When I was a little boy, before I decided I wanted to try out public high school simply to become a good student, I went to a private school in T.nagar where I made a number of friends
I started at this particular school in kindergarten, and suffered through the painfully unattractive uniforms (of which I tried, unsuccessfully, to jazz up with sparkly and lacy cutoff leggings…), through the 8th class. I had always intended on finishing my schooling there, and I really loved it, but during the summer between 7th and 8th class, a friend convinced me to go to summer camp. Though terrified, I left home for the very first time (for 4 weeks!), and, despite my concern that I’d hate being away from home and cry daily like the homesick fool that I know I have it in me to be…I wound up having the best summer of my life.

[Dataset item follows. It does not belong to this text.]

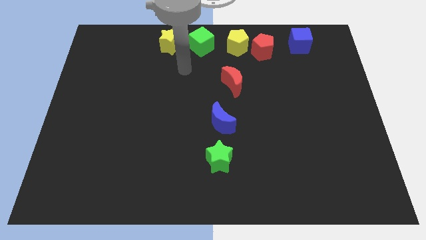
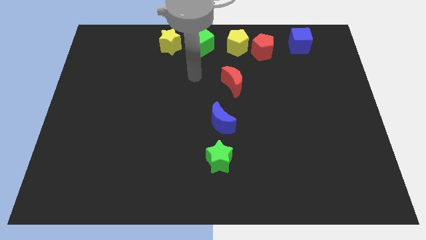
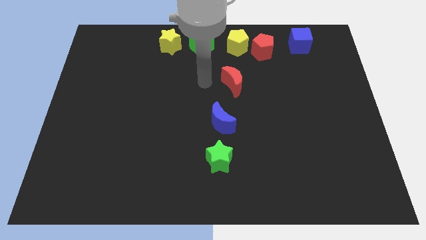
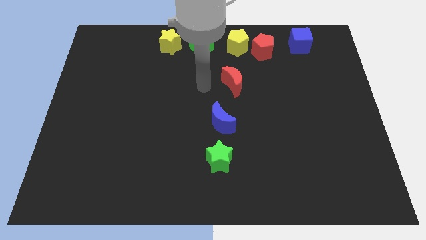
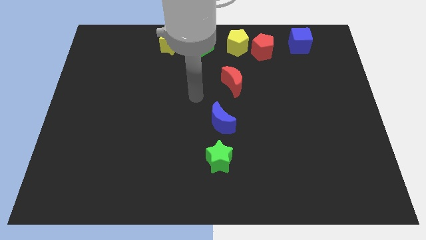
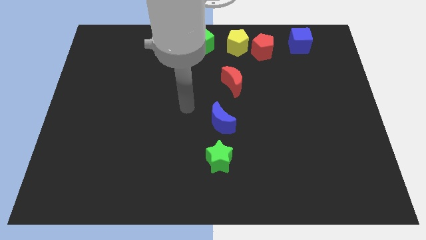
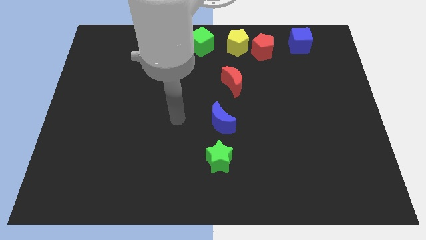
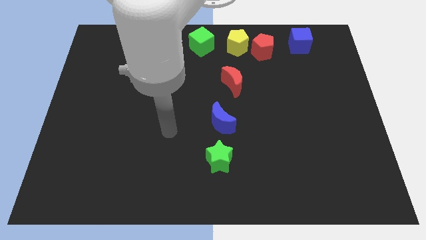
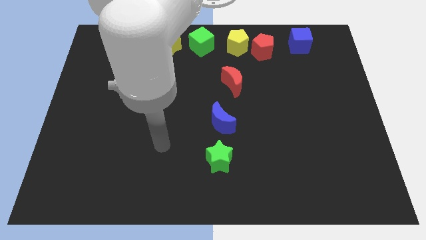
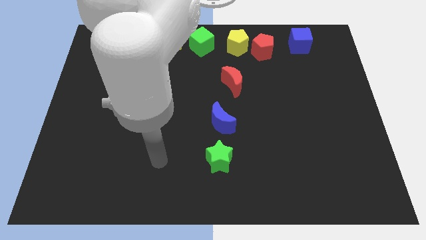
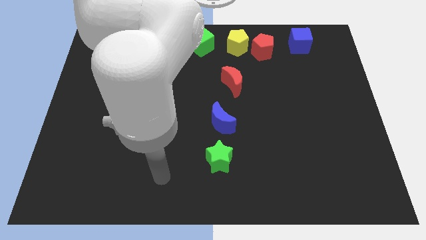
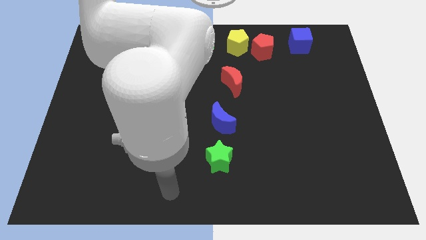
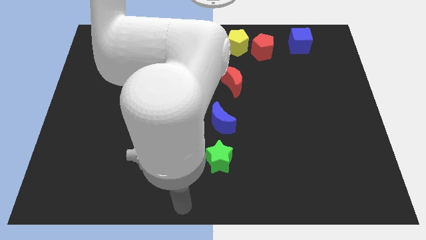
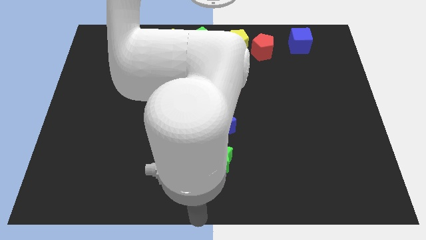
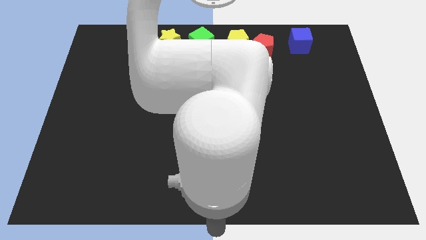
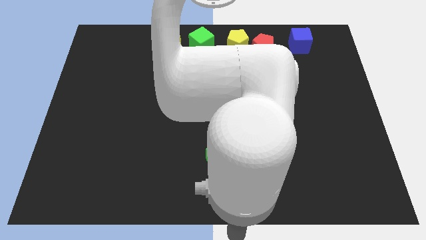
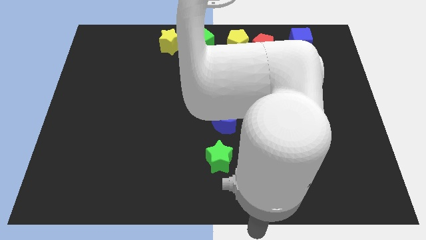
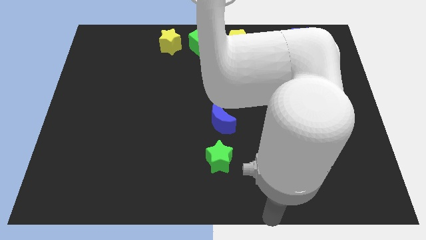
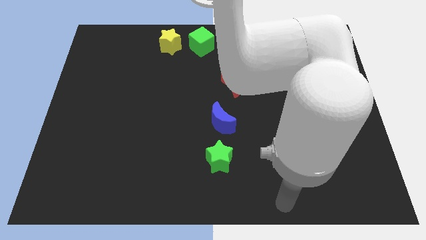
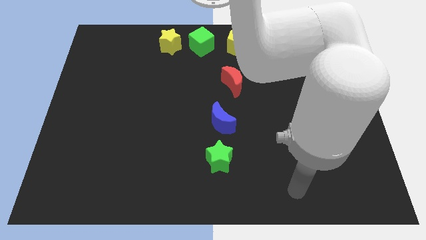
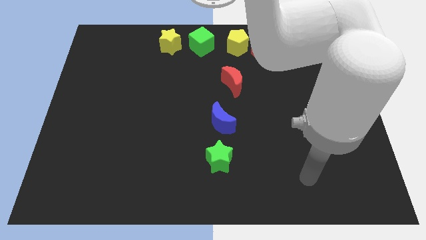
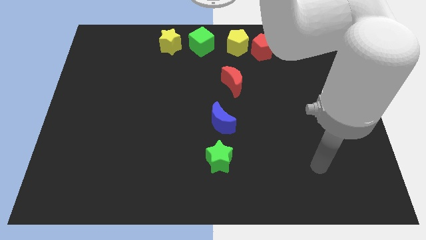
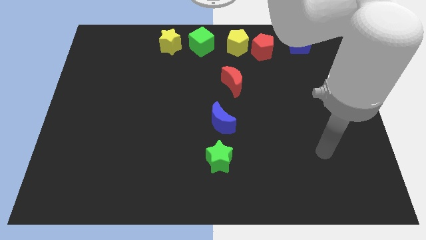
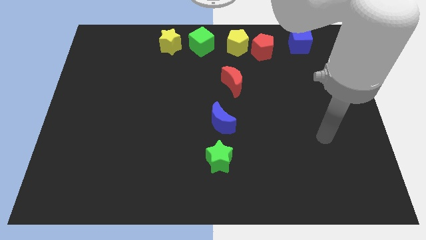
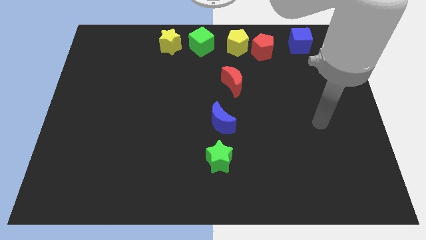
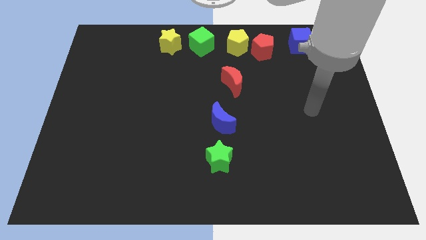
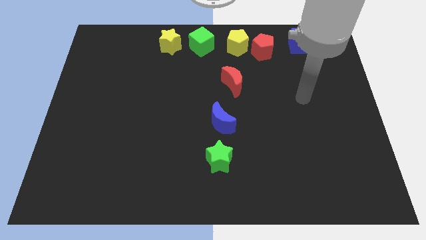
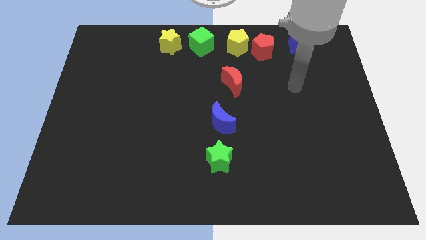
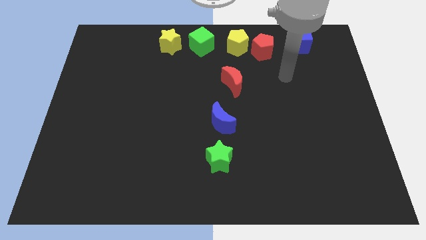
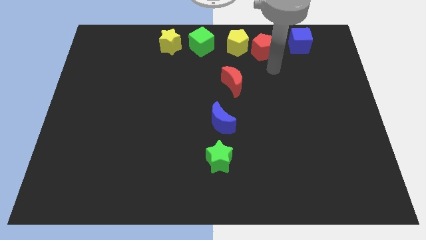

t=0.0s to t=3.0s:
move your arm away from the yellow star

Though I’d been wildly unaware, the desire must have been growing inside of me for quite some time because that was all it took to motivate me to switch schools. It made me crave something bigger. A wider variety of classes, new friends, big school dances, and of course, cheerleading in metro culturals. I had to the make the switch—I knew it was then, or never. And so, with just a few weeks of summer left before the start of the school year, my mom pulled me out of that school and enrolled in chittoor. The same high school my cousin attended many, many, many years prior (they’ll love me for that one!).
I was paralyzed with fear, and after my first day I was positive I’d made the wrong choice. After all, the friends I’d made at this school in chittoor(VDEM) were like scared-skin to me—I’d known them practically from then. And now…now I was the outsider with the funny clothes – What did they expect? I’d spent a lifetime wearing plaid jumpers and Monogrammed shirts!

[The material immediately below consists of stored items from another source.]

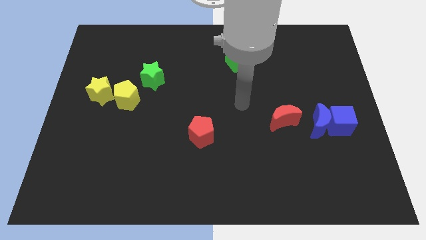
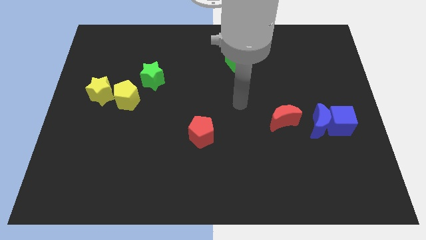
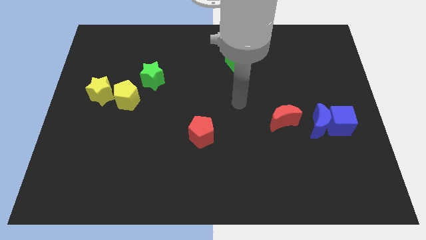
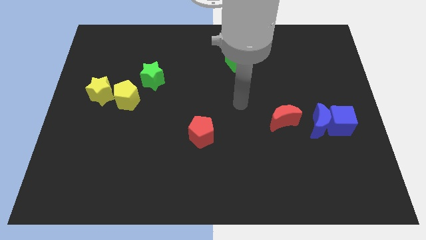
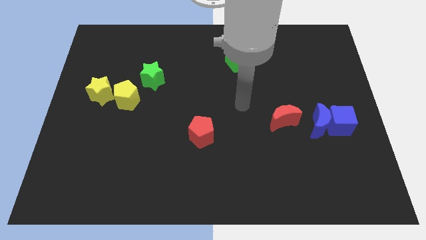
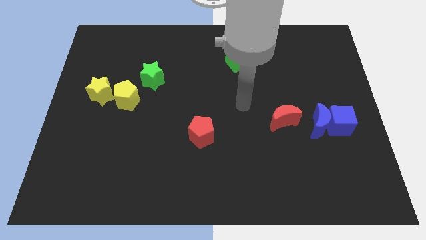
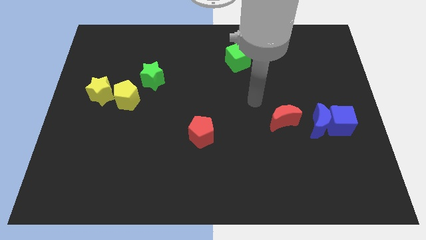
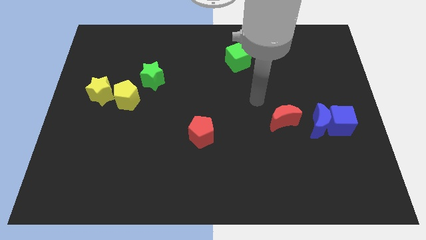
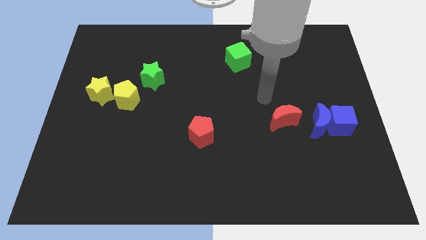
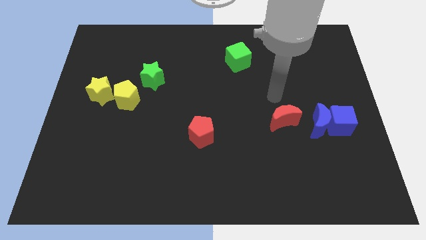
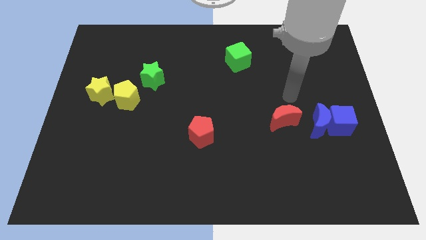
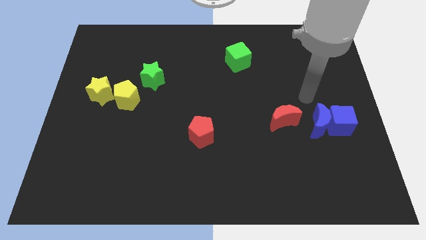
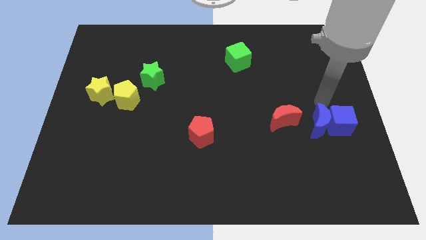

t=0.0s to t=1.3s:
point your hand above the blue crescent
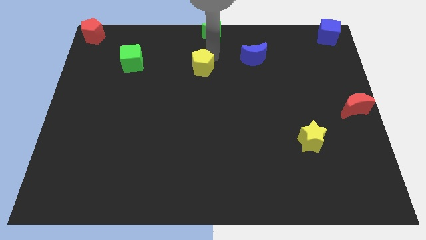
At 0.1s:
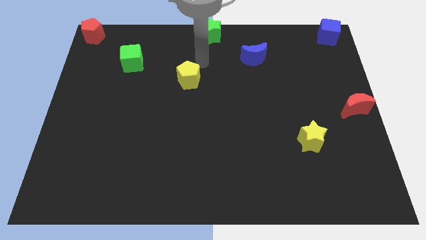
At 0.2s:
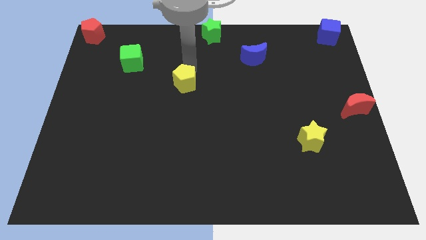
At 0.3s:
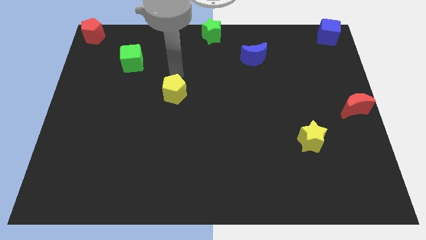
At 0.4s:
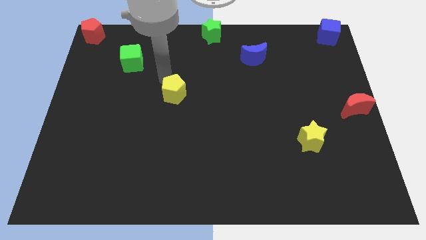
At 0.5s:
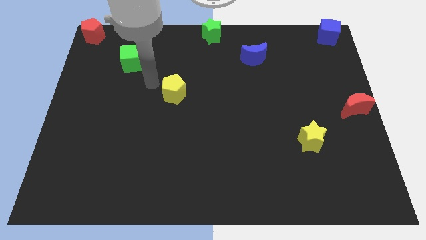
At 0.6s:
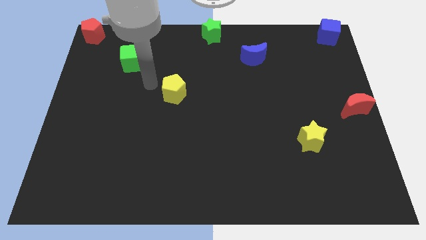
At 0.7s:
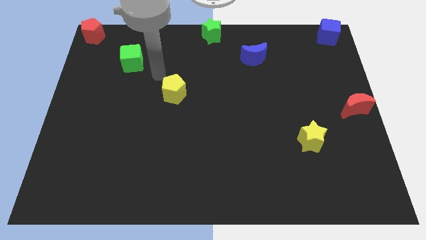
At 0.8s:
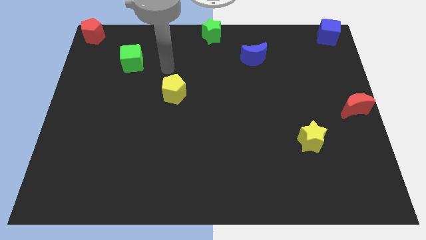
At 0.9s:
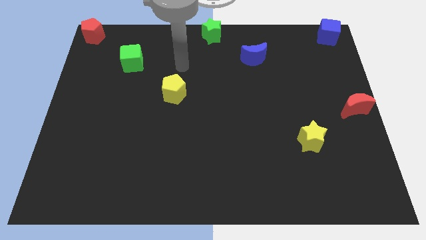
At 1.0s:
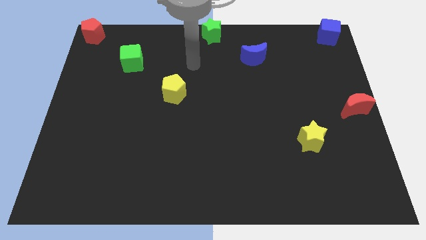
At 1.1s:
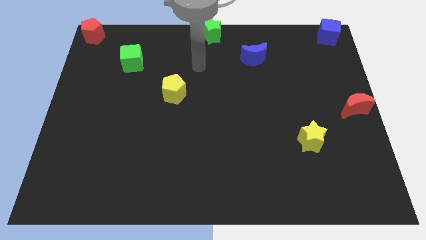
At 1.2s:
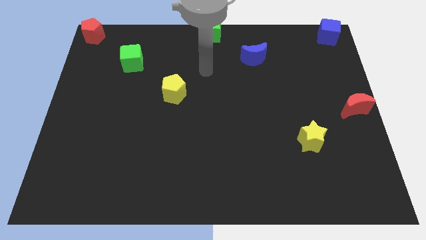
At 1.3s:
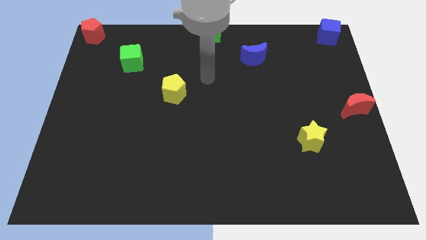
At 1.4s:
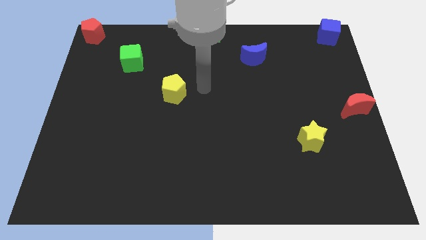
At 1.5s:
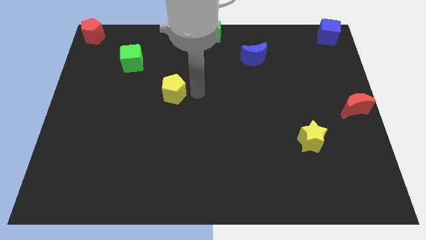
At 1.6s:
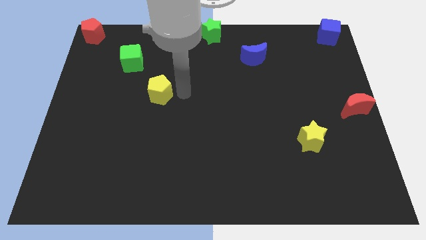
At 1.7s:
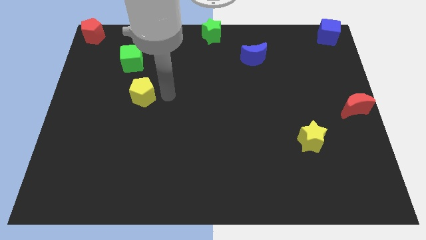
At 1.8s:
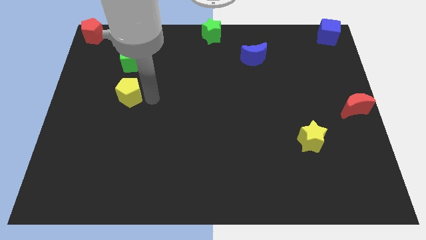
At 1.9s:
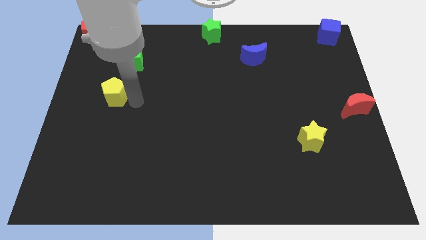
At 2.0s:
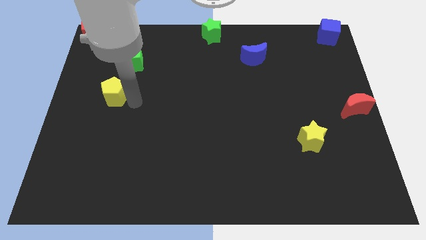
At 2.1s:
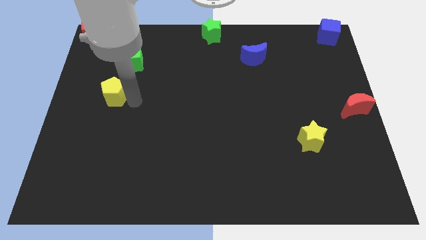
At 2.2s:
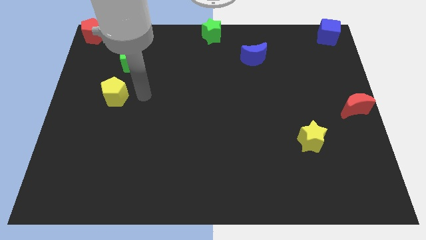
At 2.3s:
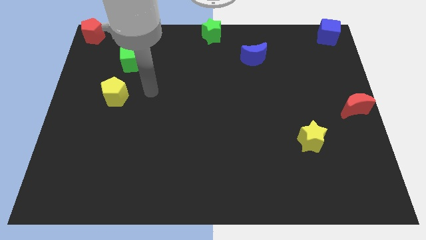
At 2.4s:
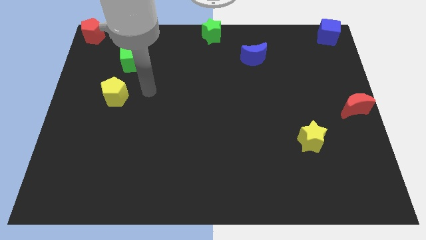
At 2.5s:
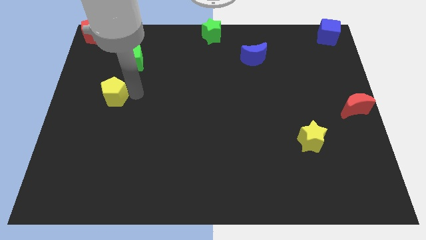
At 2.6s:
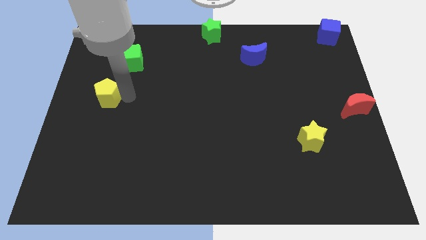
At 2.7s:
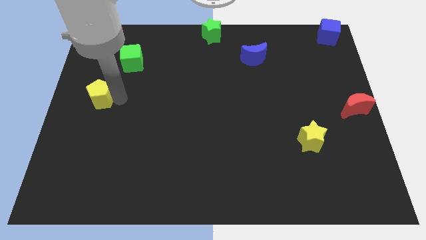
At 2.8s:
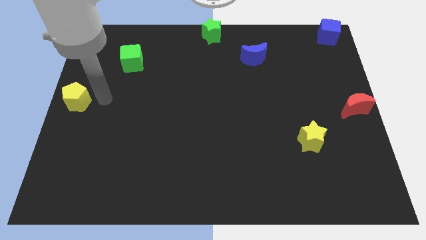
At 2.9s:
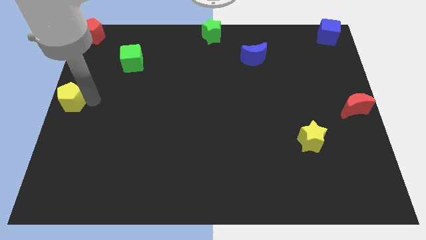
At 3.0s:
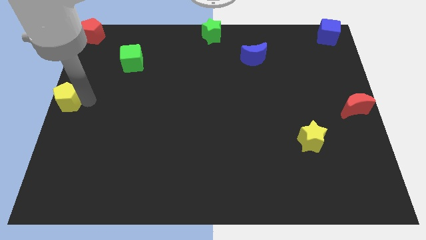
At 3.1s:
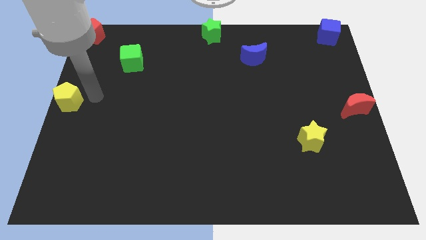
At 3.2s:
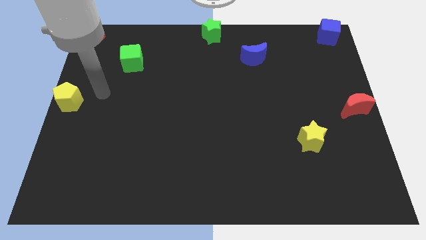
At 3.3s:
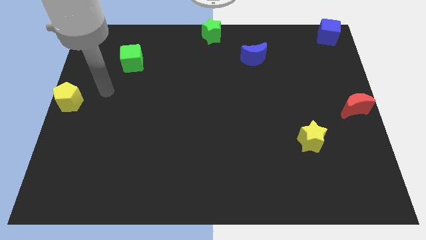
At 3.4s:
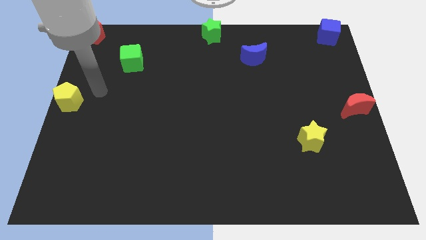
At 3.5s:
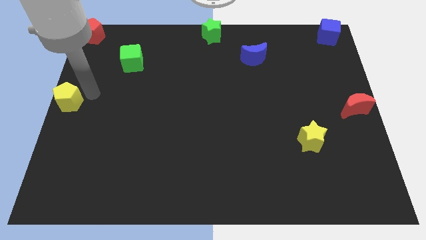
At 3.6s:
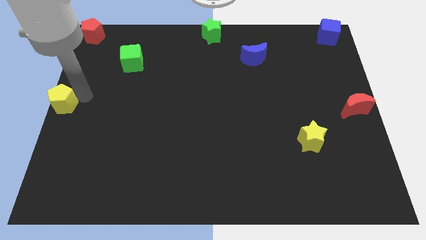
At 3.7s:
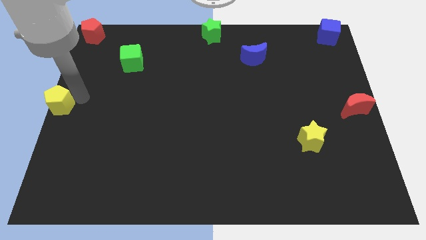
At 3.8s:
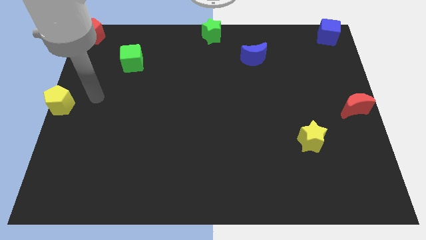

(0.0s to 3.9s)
place the yellow pentagon to the left center of the board

I digress. A few months later, high school began to go just fine.It was all a great experience to say the least. But the one thing I missed dearly from my old school days were my family-like friends. It was hard to stay in touch. We were young, and our lives revolved around school, and the people in our immediate proximity. We didn’t drive yet, and our houses were all so far apart. I missed my best friend, desperately, but life just seemed to spiral on, and soon we lost toucjh in talking altogether. Not because of a fight, or anything bad. Our lives just went in different directions.

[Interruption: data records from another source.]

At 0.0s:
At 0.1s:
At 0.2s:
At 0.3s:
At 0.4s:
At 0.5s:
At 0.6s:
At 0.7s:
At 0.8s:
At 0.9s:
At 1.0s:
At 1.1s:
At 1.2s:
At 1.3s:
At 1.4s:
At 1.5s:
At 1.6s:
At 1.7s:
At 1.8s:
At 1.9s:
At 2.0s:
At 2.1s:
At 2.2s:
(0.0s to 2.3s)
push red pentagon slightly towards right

But last night, after 7-8 years, Harish and I got together for dinner . And we had the BEST time. We’d been trying to coordinate our schedules to get together since I moved , and we were having a hard time making it happen. Then, SUPER coincidentally, last time I ran into him and his mom in his apartment complex! There are cute shops and restaurants in his area, and we all happened to be walking around at the same time. None of us could believe it, and we decided it was fate giving us a good kick .
We sat for 4 hours catching up, laughing, eating good food, and becoming part of each other’s lives all over again. It was incredible—truly heartwarming—to know that a friend who made such an impact on my childhood, someone who I adored so much and spent so much concentrated time with, has turned into an amazing man who I still enjoy just as much. We picked up right where we left off (minus the braces and bad ----), and delved back into each other’s worlds with vigor and heart. There’s something so refreshing and real about spending time with friends who knew you back when, before you lost sight of your true self and starting trying to “grow up” and continuously transform yourself.
When we were finally ready to leave the restaurant, we walked out together and saw we’d parked in the exact same lot, right next to one another. Another crazy coincidence letting us know, once again, that despite the years passed and our different schooling and adult-life adventures, our friendship was, and still is, meant to be.